# First Cheese Smoke w/ A-Maze-N Q-Mats!



## mneeley490 (Sep 7, 2013)

Temps today were not optimal for cold smoking, but I have friends coming in 2 weeks, and they requested smoked cheese.

Soooooo, I sliced up 5 lbs. of sharp cheddar into chunks, and included a pound of soft goat cheese just for the heck of it.

Used a Q-Mat I bought from Todd, and slid into the fridge smoker with about 10 lbs of ice inside.

Since temps are in the 70's today, I thought it best to speed up the smoke as much as possible.
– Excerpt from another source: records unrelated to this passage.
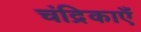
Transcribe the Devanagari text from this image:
चंद्रिकाएँ
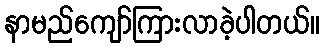
နာမည်ကျော်ကြားလာခဲ့ပါတယ်။
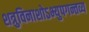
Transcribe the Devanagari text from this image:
शत्रुविनाशोऽभ्युपगन्तव्य
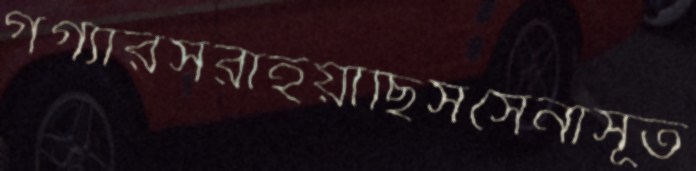
গগ্যাঁরসরাইয়াছিসসেনাসূত
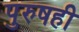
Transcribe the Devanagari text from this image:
पुरुषही
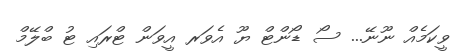
ވީކަމެއް ނޫނޭ... ސޯ ޑޯންޓް ޔޫ އެވަރ އީވަން ޓްރައި ޓު ބްލޭމް
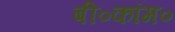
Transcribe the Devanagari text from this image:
बी०कॉम०
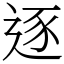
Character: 逐
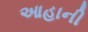
આહાની
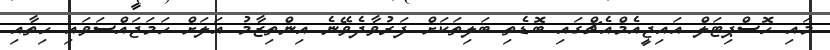
މައި ހޮސްޕިޓަލް އައިޖީއެމްއެޗްގައި ބޮޑެތި ބަލިތަކަށް ފަރުވާދެވޭނެ އިންތިޒާމު އަލަށް ހަމަޖައްސަވައި ހިތާއި
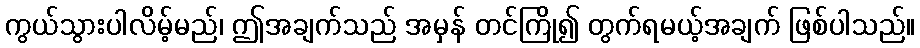
ကွယ်သွားပါလိမ့်မည်၊ ဤအချက်သည် အမှန် တင်ကြို၍ တွက်ရမယ့်အချက် ဖြစ်ပါသည်။
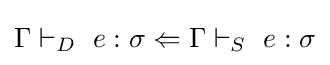
\Gamma \vdash _{D}\ e:\sigma \Leftarrow \Gamma \vdash _{S}\ e:\sigma
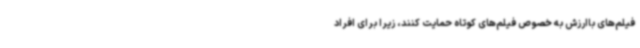
فیلم‌های باارزش به خصوص فیلم‌های کوتاه حمایت کنند، زیرا برای افراد
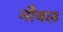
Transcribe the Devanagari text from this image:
नौबल
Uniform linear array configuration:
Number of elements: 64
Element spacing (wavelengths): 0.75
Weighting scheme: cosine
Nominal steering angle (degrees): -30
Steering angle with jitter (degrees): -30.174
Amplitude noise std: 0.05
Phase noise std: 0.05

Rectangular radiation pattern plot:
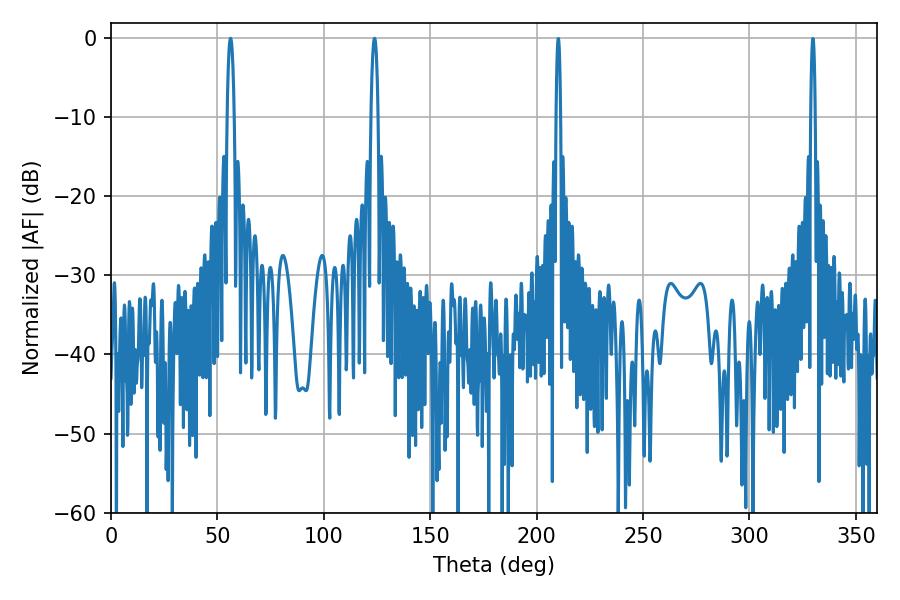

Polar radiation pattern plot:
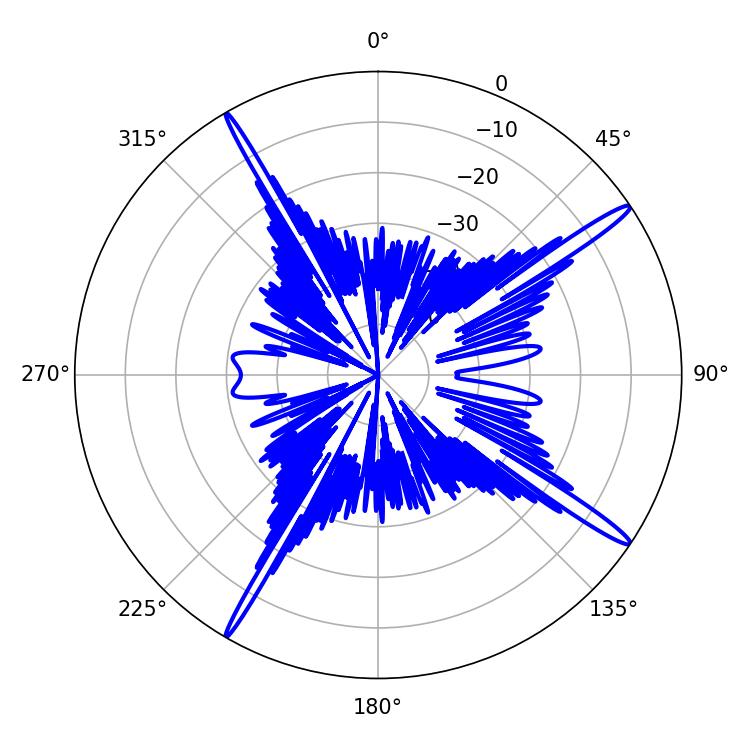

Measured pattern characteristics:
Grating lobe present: TRUE
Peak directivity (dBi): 17.184
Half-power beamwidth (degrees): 1.8
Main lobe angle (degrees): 56.16
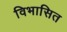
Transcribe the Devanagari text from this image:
विभासित
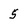
Character: 5
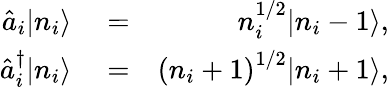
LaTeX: \begin{array}{rlr}{\hat{a}_{i}|n_{i}\rangle}&{{}=}&{n_{i}^{1/2}|n_{i}-1\rangle,}\\ {\hat{a}_{i}^{\dagger}|n_{i}\rangle}&{{}=}&{\left(n_{i}+1\right)^{1/2}|n_{i}+1\rangle,}\end{array}
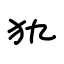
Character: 犰

Lit up my AMNPS on both sides with a 50/50 mix of apple and peach pellets, and kept my smoker inside the garage, out of the sun with the garage door wide open.

Pulled them out after 3-1/2 hours. My probe was reading 92°, but it didn't feel that hot in there to me. I'll have to calibrate it again.

Anyway, here are a couple before shots:













9-13 Cheese 003.jpg



__ mneeley490
__ Sep 7, 2013


















9-13 Cheese 004.jpg



__ mneeley490
__ Sep 7, 2013






And a couple after shots:













9-13 Cheese 007.jpg



__ mneeley490
__ Sep 7, 2013


















9-13 Cheese 005.jpg



__ mneeley490
__ Sep 7, 2013






As you can see, there was no melting at all. The goat cheese held up remarkably well on the Q-Mat. Not so well when I went to insert it into a vacuum sealer bag. Oh well, it's still mostly intact.

So the verdict--Todd's Q-Mats are great! I'm sure this would not have worked out half this well without it. Thanks Todd, you've come thru again with another great product!


----------



## pc farmer (Sep 7, 2013)

Cheese looks great and the Q mats are awesome.

I need to order some for my uds.


----------



## driedstick (Sep 13, 2013)

Looks good next week temps are suppose to be coming down fall is here,   smoke on :)


----------



## mneeley490 (Sep 13, 2013)

Yep, as soon as it gets cooler, I  have a boneless pork leg that I will brine and smoke as a ham.


----------